**Provided records**
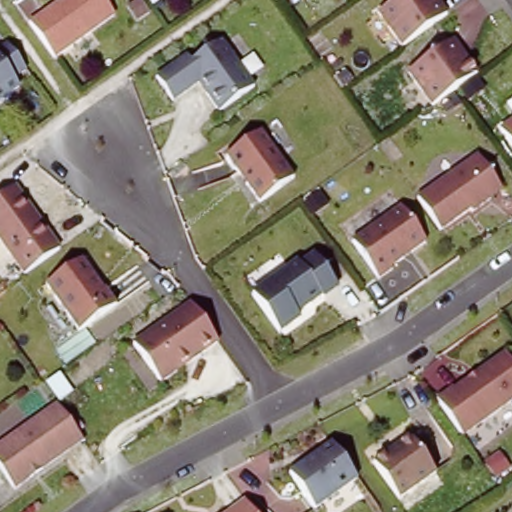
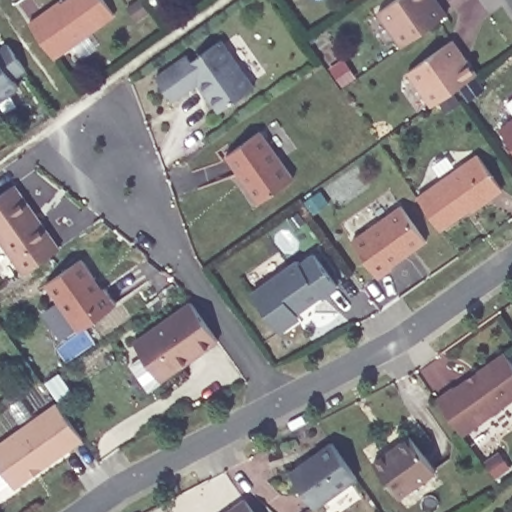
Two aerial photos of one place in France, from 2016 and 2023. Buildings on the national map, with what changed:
unchanged [(58,3),(62,0),(100,0),(110,14),(50,58),(25,22),(55,1),(58,3)]
unchanged [(403,45),(379,11),(395,0),(438,0),(448,13),(403,45)]
unchanged [(464,53),(468,59),(478,73),(454,89),(433,104),(409,71),(454,39),(464,53)]
unchanged [(4,44),(22,69),(9,78),(14,86),(0,96),(0,46),(4,44)]
unchanged [(183,59),(187,65),(217,45),(249,91),(214,116),(201,97),(203,95),(195,85),(167,105),(151,81),(183,59)]
unchanged [(501,129),(512,120),(512,144),(501,129)]
unchanged [(261,136),(295,182),(261,207),(227,160),(261,136)]
unchanged [(473,154),(498,189),(468,210),(466,208),(437,228),(414,196),(473,154)]
unchanged [(0,245),(0,201),(15,191),(60,254),(25,280),(0,245)]
unchanged [(392,210),(417,244),(382,269),(384,271),(370,281),(343,245),(392,210)]
unchanged [(298,261),(302,264),(316,254),(339,286),(324,296),(322,294),(298,312),(301,316),(280,331),(254,293),(298,261)]
unchanged [(83,264),(94,281),(93,282),(102,295),(105,293),(117,309),(80,336),(47,290),(83,264)]
unchanged [(157,386),(129,348),(187,305),(214,344),(157,386)]
unchanged [(451,392),(501,357),(512,372),(512,401),(460,438),(434,403),(450,391),(451,392)]
unchanged [(17,481),(0,458),(0,440),(58,398),(83,433),(17,481)]
unchanged [(407,435),(433,471),(396,497),(371,461),(407,435)]
unchanged [(312,512),(287,477),(329,447),(354,482),(312,512)]
unchanged [(243,503),(249,512),(230,512),(243,503)]

**How to complete this task**
Reproduce the material above verbatim; omit every picture.

**Response area**
Two aerial photos of one place in France, from 2016 and 2023. Buildings on the national map, with what changed:
unchanged [(58,3),(62,0),(100,0),(110,14),(50,58),(25,22),(55,1),(58,3)]
unchanged [(403,45),(379,11),(395,0),(438,0),(448,13),(403,45)]
unchanged [(464,53),(468,59),(478,73),(454,89),(433,104),(409,71),(454,39),(464,53)]
unchanged [(4,44),(22,69),(9,78),(14,86),(0,96),(0,46),(4,44)]
unchanged [(183,59),(187,65),(217,45),(249,91),(214,116),(201,97),(203,95),(195,85),(167,105),(151,81),(183,59)]
unchanged [(501,129),(512,120),(512,144),(501,129)]
unchanged [(261,136),(295,182),(261,207),(227,160),(261,136)]
unchanged [(473,154),(498,189),(468,210),(466,208),(437,228),(414,196),(473,154)]
unchanged [(0,245),(0,201),(15,191),(60,254),(25,280),(0,245)]
unchanged [(392,210),(417,244),(382,269),(384,271),(370,281),(343,245),(392,210)]
unchanged [(298,261),(302,264),(316,254),(339,286),(324,296),(322,294),(298,312),(301,316),(280,331),(254,293),(298,261)]
unchanged [(83,264),(94,281),(93,282),(102,295),(105,293),(117,309),(80,336),(47,290),(83,264)]
unchanged [(157,386),(129,348),(187,305),(214,344),(157,386)]
unchanged [(451,392),(501,357),(512,372),(512,401),(460,438),(434,403),(450,391),(451,392)]
unchanged [(17,481),(0,458),(0,440),(58,398),(83,433),(17,481)]
unchanged [(407,435),(433,471),(396,497),(371,461),(407,435)]
unchanged [(312,512),(287,477),(329,447),(354,482),(312,512)]
unchanged [(243,503),(249,512),(230,512),(243,503)]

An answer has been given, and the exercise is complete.